··· Dataset excerpts

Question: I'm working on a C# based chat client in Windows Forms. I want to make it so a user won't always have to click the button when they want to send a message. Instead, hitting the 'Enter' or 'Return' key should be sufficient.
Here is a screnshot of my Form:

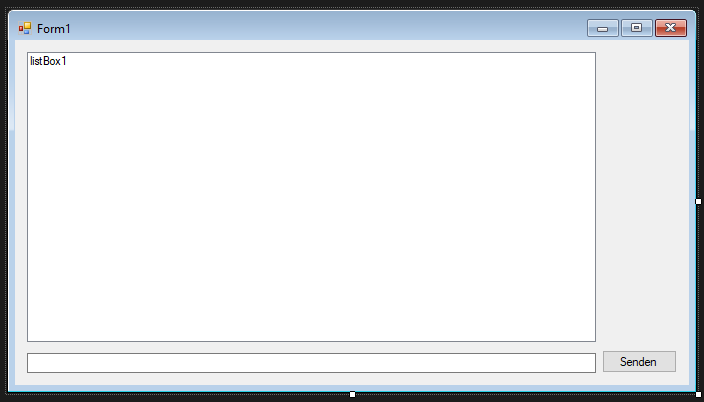
Answer: You could create a 'Keydownevent' for the textbox and ask for the enter key:
'''
private void TextBox1_KeyDown(object sender, KeyEventArgs e)
{
if (e.KeyCode == Keys.Enter)
{
button1.PerformClick();
e.Handled = true;
e.SuppressKeyPress = true;
}
}
'''
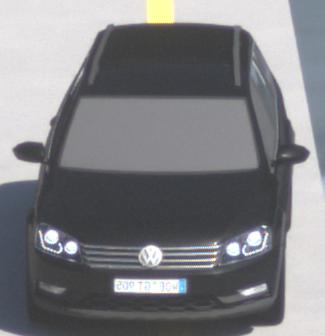
Make: VW
Model: Passat Alltrack 1.8 TSI
Detailed model: Passat (B7) Alltrack
Model produced from: 2012/03
Model produced until: 2013/06
Doors: 5
Color: black
Road condition: dry road
Daytime: midday
Contrast: high contrast
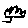
Label: cloud
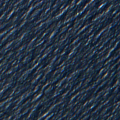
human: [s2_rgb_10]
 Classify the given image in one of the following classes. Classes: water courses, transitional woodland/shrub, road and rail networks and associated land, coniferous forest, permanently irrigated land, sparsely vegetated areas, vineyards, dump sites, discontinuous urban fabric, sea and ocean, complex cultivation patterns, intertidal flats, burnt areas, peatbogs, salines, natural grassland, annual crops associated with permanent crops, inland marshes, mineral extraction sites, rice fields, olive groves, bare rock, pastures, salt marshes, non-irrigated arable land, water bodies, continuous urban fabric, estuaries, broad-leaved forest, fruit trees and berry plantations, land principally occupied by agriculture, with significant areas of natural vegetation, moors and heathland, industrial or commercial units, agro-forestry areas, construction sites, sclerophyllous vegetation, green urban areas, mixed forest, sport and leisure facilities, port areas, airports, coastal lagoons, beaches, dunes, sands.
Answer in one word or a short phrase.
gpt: sea and ocean
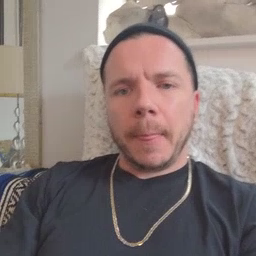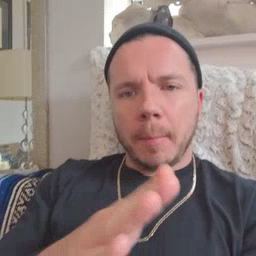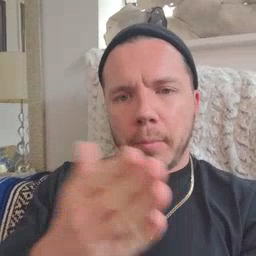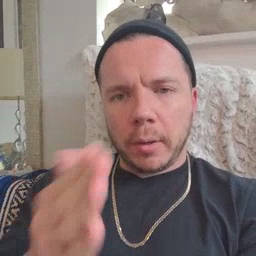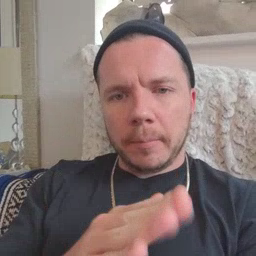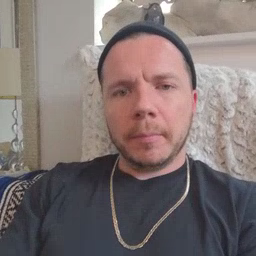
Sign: book
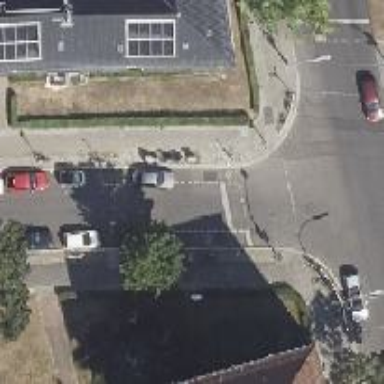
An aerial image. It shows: Road with traffic signals.
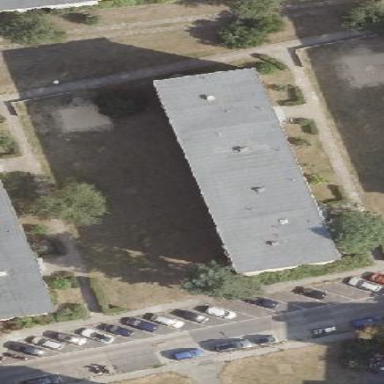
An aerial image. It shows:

······

● Prompt
The result should be every line that contains "shows", copied from the entries.

● Task output
An aerial image. It shows: Road with traffic signals.
An aerial image. It shows:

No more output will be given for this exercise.